За 1840-1850-е годы в семье Дарвинов прибыло. Отец Чарлза умер в 1848 году, оставив значительную сумму, на которую полагался Дарвин-младший, еще учась медицине, – вышло около пятидесяти тысяч фунтов, по современным деньгам – миллионы долларов. Дарвин вкладывал деньги с умом и сделался очень богат, так что заботиться о большой семье не составляло труда. Но беды с желудком продолжали донимать его, и он еще более ушел в затворничество, пропустив по болезни даже похороны отца.
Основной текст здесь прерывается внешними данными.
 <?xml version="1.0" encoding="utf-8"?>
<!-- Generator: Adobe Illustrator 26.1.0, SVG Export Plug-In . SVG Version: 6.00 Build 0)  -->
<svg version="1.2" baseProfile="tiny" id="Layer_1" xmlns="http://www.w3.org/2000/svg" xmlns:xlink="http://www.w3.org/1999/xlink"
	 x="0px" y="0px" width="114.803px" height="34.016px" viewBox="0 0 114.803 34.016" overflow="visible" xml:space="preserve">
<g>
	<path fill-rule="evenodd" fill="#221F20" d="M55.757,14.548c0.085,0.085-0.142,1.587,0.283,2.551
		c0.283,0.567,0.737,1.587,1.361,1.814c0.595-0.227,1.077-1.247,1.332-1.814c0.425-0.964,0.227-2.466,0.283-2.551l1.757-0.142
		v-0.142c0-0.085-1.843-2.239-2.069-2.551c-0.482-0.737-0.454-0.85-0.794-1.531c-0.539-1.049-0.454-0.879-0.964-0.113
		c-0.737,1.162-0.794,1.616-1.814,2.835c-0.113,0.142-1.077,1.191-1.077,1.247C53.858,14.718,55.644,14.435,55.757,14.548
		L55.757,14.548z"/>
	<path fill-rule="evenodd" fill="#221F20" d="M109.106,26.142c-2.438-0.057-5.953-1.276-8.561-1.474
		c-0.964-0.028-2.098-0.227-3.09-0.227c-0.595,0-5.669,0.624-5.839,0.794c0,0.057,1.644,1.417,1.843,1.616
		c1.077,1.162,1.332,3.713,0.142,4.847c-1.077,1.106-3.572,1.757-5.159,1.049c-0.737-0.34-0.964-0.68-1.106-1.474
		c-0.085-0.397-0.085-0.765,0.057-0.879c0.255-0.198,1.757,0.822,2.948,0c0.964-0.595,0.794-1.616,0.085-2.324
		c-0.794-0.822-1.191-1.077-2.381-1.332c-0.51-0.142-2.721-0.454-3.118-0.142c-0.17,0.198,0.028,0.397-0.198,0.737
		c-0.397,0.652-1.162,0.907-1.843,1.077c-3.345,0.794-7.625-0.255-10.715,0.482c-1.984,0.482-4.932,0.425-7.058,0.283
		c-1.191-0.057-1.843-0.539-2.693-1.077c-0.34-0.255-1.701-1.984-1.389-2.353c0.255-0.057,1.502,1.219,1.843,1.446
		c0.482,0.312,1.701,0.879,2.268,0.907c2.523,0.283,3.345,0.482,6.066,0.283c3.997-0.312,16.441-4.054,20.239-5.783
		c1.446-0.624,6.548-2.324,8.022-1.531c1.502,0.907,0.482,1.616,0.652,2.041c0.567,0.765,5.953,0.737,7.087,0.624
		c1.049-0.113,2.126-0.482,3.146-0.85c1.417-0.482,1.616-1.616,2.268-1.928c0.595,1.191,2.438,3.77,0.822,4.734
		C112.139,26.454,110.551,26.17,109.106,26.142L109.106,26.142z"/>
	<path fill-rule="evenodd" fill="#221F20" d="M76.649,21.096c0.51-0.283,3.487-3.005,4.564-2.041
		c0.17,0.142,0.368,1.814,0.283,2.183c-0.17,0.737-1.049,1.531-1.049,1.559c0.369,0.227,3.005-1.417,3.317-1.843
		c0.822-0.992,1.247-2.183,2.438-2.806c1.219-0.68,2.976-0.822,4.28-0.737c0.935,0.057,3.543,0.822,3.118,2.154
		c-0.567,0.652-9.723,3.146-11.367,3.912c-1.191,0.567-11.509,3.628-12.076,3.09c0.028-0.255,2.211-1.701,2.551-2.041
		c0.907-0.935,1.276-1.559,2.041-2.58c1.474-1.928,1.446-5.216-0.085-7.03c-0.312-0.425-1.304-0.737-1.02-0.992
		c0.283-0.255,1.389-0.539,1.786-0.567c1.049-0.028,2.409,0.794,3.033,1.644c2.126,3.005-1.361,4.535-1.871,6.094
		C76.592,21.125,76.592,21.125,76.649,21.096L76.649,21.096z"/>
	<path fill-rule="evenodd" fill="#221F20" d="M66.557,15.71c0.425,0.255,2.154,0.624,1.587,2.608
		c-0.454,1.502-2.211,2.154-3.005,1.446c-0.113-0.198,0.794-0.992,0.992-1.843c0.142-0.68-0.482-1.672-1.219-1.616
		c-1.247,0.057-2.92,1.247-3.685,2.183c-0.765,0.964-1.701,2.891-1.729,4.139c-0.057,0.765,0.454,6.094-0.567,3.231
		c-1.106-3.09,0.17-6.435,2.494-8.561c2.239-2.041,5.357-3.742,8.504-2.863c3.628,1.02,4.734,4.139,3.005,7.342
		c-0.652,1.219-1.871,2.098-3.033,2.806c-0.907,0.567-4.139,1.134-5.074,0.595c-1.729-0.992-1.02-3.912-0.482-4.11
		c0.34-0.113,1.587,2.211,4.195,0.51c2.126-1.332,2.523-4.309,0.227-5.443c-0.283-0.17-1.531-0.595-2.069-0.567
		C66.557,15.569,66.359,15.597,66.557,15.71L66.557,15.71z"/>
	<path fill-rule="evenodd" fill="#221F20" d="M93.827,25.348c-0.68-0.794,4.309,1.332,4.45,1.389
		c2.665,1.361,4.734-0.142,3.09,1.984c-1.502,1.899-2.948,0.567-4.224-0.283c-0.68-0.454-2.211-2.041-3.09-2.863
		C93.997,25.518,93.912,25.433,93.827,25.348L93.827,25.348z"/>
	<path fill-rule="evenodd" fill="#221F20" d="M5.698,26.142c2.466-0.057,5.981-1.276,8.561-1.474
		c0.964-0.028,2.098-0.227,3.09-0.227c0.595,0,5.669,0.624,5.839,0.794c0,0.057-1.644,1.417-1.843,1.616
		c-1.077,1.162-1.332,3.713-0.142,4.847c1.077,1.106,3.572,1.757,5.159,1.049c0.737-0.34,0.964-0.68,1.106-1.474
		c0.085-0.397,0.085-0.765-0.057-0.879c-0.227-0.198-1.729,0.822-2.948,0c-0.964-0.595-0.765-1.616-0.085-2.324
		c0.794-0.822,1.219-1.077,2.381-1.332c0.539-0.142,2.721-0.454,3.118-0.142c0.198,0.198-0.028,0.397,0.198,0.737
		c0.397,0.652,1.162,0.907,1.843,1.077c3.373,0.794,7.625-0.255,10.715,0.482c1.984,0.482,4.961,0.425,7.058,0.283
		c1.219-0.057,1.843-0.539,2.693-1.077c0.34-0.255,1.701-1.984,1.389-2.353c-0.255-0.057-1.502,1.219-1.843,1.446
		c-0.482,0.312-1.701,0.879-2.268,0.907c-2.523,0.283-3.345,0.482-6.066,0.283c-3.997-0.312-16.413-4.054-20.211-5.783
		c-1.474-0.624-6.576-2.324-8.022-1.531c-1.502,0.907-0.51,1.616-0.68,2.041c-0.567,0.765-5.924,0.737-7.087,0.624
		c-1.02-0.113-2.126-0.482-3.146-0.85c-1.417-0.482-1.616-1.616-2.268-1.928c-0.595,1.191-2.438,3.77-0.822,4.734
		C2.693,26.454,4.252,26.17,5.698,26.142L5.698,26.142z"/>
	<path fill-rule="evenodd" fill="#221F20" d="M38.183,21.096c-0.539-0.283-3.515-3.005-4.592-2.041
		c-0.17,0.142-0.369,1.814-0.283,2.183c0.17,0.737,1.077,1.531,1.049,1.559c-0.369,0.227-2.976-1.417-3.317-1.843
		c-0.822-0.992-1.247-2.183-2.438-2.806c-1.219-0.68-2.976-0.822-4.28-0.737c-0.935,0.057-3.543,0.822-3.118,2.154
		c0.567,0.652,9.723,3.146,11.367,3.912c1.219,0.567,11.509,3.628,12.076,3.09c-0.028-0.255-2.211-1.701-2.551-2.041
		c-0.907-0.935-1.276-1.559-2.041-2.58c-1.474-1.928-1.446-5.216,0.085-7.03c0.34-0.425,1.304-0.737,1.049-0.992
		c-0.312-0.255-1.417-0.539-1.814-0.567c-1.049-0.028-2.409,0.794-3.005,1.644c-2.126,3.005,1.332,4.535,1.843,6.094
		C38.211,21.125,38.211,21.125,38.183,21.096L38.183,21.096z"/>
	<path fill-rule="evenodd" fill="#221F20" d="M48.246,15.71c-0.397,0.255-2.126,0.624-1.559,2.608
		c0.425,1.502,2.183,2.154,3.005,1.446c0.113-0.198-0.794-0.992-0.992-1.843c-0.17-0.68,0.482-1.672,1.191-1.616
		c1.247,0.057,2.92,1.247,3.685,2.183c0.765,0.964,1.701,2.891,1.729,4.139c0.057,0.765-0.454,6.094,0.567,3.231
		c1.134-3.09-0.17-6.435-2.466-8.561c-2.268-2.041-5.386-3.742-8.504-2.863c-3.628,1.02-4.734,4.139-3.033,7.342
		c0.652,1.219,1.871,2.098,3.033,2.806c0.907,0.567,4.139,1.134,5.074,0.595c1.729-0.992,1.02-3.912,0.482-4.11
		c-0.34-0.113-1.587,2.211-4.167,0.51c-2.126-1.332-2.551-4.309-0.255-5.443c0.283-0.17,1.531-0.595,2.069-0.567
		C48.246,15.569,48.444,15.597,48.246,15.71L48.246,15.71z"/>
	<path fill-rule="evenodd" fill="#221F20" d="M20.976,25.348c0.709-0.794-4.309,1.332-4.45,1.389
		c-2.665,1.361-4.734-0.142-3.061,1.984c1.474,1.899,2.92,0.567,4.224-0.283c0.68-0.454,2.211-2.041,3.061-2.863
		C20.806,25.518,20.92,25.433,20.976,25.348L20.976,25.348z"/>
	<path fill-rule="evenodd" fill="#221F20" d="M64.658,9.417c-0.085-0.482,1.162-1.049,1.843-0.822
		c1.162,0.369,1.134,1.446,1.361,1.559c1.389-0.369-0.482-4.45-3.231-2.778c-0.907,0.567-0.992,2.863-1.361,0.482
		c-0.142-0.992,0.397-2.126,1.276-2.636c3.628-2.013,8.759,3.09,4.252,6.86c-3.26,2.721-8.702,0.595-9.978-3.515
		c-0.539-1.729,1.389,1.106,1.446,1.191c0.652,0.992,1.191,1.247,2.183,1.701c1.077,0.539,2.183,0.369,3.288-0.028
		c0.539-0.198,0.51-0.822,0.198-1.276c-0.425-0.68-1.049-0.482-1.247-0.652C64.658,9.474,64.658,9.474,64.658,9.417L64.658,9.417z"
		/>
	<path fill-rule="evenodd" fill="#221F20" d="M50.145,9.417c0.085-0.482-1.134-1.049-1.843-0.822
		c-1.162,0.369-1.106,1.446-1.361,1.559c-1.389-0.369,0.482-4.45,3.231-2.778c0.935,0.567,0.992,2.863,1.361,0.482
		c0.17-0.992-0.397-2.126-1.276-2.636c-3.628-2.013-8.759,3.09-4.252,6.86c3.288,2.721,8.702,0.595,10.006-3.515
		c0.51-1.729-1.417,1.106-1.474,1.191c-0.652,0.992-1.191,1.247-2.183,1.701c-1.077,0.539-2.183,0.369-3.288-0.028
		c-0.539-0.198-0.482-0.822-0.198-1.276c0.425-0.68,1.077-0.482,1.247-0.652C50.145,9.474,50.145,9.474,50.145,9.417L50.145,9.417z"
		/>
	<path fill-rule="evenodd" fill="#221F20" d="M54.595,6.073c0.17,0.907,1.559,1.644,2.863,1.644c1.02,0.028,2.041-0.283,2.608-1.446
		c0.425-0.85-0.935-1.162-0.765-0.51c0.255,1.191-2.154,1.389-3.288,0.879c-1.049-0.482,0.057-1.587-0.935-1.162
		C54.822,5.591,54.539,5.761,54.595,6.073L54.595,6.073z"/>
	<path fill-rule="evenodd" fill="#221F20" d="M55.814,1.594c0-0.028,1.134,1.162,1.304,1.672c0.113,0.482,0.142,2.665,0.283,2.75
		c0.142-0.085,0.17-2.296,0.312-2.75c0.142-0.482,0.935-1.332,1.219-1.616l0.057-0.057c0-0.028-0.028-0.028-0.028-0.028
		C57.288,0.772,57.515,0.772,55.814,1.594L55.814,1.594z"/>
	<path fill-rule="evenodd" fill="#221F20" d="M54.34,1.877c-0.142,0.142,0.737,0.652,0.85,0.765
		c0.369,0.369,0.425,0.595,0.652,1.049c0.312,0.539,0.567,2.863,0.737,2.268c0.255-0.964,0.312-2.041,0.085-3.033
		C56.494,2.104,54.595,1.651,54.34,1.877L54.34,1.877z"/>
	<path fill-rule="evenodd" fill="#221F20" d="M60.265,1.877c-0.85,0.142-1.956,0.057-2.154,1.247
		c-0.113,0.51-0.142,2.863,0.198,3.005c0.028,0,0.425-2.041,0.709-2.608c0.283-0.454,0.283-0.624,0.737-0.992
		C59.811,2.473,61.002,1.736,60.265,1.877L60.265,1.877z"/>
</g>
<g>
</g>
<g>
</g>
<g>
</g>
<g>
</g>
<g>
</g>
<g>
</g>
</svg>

Все это время Дарвин продолжал развивать свои представления. Он исследовал животных и ставил на них эксперименты – изучал, например, голубей, о которых ему потом предложит написать коллега, или, опять же, вспомним морских желудей. Ставил он опыты и на растениях. В одной серии исследований он проверял всеобщее убеждение, что жизнеспособные семена не могут долетать до далеких островов в океане. Он взялся проверять это мнение с разных сторон: пробовал проращивать садовые семена, много недель выдержанные в рассоле (имитация морской воды); высматривал, не прилипают ли семена к ногам птиц, искал их в помете; скармливал набитых семенами воробьев сове и орлу в Лондонском зоопарке, а затем изучал их помет. Все его исследования приводили к одному и тому же выводу: семена, оказывается, куда более живучи и подвижны, чем люди привыкли думать.
Немало времени Дарвин посвятил и вопросу многообразия: почему естественный отбор так сильно приумножает число биологических видов? Отвечая на этот вопрос, он вдохновлялся работами экономистов того времени, толковавших о разделении труда. Адам Смит показал, что люди гораздо продуктивнее, если занимаются неким одним видом деятельности, а не пытаются создать с нуля все изделие целиком. Это навело Дарвина на мысль, что тот или иной участок земли может прокормить больше живности, если его обитатели крайне специализированно эксплуатируют разные природные ресурсы.
Дарвин предполагал, что, если его теория верна, он обнаружит большее видовое многообразие в местах с сильным соперничеством за ограниченные ресурсы и искал свидетельства, подтверждающие или опровергающие это предположение. Такой способ мышления был характерен для дарвиновского новаторского подхода к эволюции: другие натуралисты искали подтверждения эволюции во временном развитии фамильных древ, соединяющих окаменелые останки жизни и жизнь нынешнюю, а Дарвин – в распределении видов и взаимоотношениях между ними в настоящем времени.
Чтобы разобраться с природными данными, Дарвину потребовалось общаться с другими естествоиспытателями. Даже пребывая в физическом уединении, он призвал на помощь многих и, подобно Ньютону, зависел от почтовой службы – в особенности от новой и дешевой программы «почта за пенни», помогшей ему выстроить беспрецедентную сеть натуралистов, селекционеров и других корреспондентов, поставлявших ему данные о мутациях и наследственности. Такие вот обмены на расстоянии позволили Дарвину сверить свои соображения с практическим опытом, не подвергая насмешкам подлинную цель его работы. Переписка также позволила ему постепенно вычленить тех своих коллег, кто мог бы отнестись к его взглядам с пониманием – и позднее поделиться с этой избранной группой оригинальными воззрениями.